= Robert Arbuthnot (Ceylon) =

British soldier and diplomat

Robert Arbuthnot (c. 1761 – February 1809) was a British soldier turned diplomat who served between 1801 and 1806 as the Chief Secretary of Ceylon (as Sri Lanka was called before 1972), which had recently been transferred from Dutch to British military control, formally in 1796.

A promising career in imperial administration was terminated in February 1809. Arbuthnot was a passenger on when the small schooner was lost at sea between Cádiz and Gibraltar.

==Life==
Robert Arbuthnot was born in about 1760 or 1761, at the height of the Seven Years' War. His father, also called Robert Arbuthnot (1728–1803), was an Edinburgh polymath and merchant, an earlier career as a banker having ended in "heavy pecuniary losses". Two decades later Arbuthnot had joined the army. It is known that he was present at the Siege of Gibraltar (1779–1782) in which French and Spanish forces, exploiting Great Britain's transatlantic distractions, engaged in a sustained but unsuccessful attempt to displace British forces from "The Rock".

Arbuthnot later found himself transferred to royal service, selected to act as a traveling companion in mainland Europe for the adolescent Prince Augustus Frederick, Duke of Sussex, one of the British king's younger sons and, it appears, the least compliant of them all. Through his life Arbuthnot was a committed letter writer, but his surviving correspondence is discretely uninformative about his time as the prince's escort. A flavour of the challenges involved nevertheless emerges in a letter written to him by George Arbuthnot, his brother many years later. Writing in 1803, George commends his brother: "I have often admired you for your firmness and composure at the time when Prince Augustus ran away from you ...".

War returned in 1792 and would provide a defining backdrop for the rest of Arbuthnot's life. Between 1792 and 1797, and again between 1798 and 1802, a key continental ally for the British in the wars against France was the Austrian Empire. Robert Murray Keith (1730–1795), recently retired from a position as envoy-extraordinary (de facto ambassador) in Vienna, where he had served since 1772, was recalled to head up the British diplomatic mission in Vienna during the build-up to the war.
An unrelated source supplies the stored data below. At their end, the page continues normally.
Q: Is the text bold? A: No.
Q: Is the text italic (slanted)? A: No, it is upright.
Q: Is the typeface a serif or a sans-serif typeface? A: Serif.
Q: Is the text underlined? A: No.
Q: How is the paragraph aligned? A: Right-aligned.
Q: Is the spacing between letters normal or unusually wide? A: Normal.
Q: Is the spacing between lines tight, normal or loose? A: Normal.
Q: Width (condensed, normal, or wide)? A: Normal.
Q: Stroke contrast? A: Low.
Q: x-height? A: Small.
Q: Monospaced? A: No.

Murray Keith was a family friend, and he invited Robert Arbuthnot to join him as his private secretary.

Following the French take-over in the Netherlands in 1795 there was a concern in Britain that Ceylon, a Dutch colony, might also fall under French control. The result, in 1796, was British military take-over in Ceylon. The British take-over was not universally welcomed by the Dutch colonist or the indigenous people, and a lengthy period of military and political manoeuvrings ensued. In 1798 the British government was ready to send the first British governor to the territory. Frederick North, the younger son of a former British prime minister, was joined in 1801 by Robert Arbuthnot as his Chief Secretary. Robert arrived accompanied by his younger brother, George Arbuthnot (1772–) who was appointed deputy-secretary to the governor. The two brothers were accommodated in the governor's own newly built "Doric Bungalow". George soon moved on, relocating to Madras, but Robert Arbuthnot remained in Ceylon, as Governor North's deputy, till 1806.
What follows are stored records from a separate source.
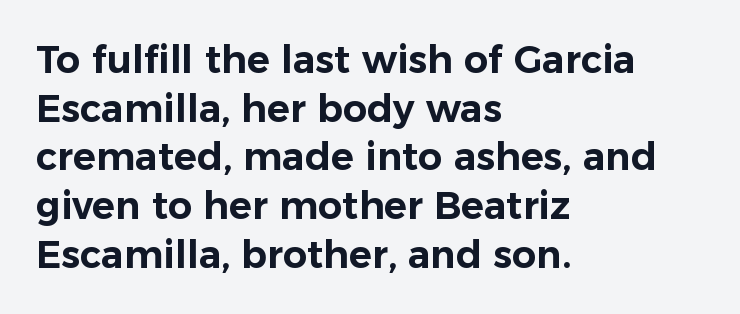
Q: Is the text italic (slanted)? A: No, it is upright.
Q: Is the typeface a serif or a sans-serif typeface? A: Sans-serif.
Q: Is the text underlined? A: No.
Q: How is the paragraph aligned? A: Left-aligned.
Q: Is the spacing between letters normal or unusually wide? A: Normal.
Q: Is the spacing between lines tight, normal or loose? A: Normal.
Q: Width (condensed, normal, or wide)? A: Normal.
Q: Stroke contrast? A: Low.
Q: x-height? A: Medium.
Q: Monospaced? A: No.
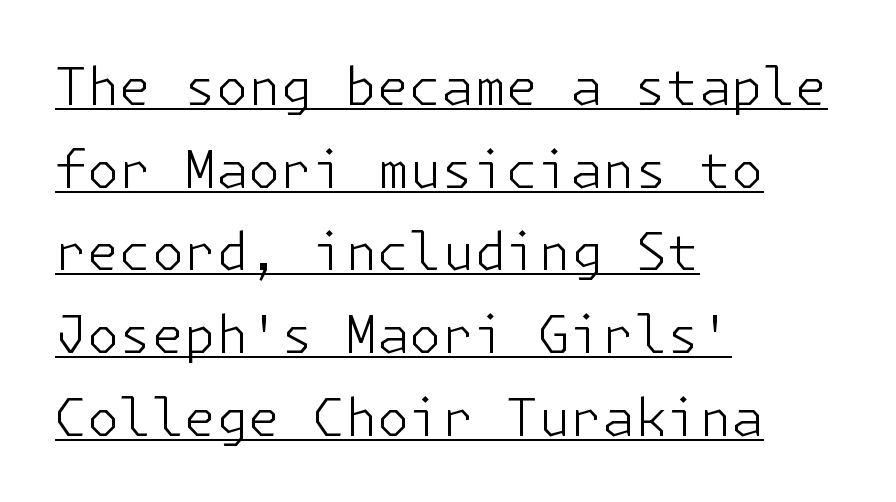
The image shows 52 px light sans-serif type, upright; set left-aligned, normal line spacing (1.59x), normal letter spacing, underlined; low stroke contrast and a medium x-height.
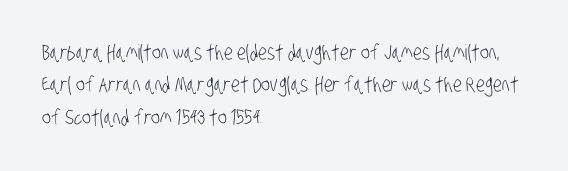
The image shows 21 px text type; set left-aligned, normal line spacing (1.54x), normal letter spacing, not underlined.

During the Dutch period European colonisation had largely been restricted to coastal parts of the island, but the British arrived with sufficient forces to effect, by 1818, a take-over of the entire territory. British moves to take power in Kandy, the interior of Ceylon, began in 1803. The Governor and his Chief Secretary were not present at what was later described as the "massacre of British troops at Kandy", but when news reached them of the military set-back, one source states that Governor North, "whose coolness and presence of mind seem momentarily to have deserted him ... found his chief support and ... placed his utmost reliance in the calm judgment and fearless confidence of his secretary".

==Memberships==
Arbuthnot was admitted to Edinburgh's "Speculative Society" in January 1778. In January 1788 was elected a member of the Royal Society of Edinburgh.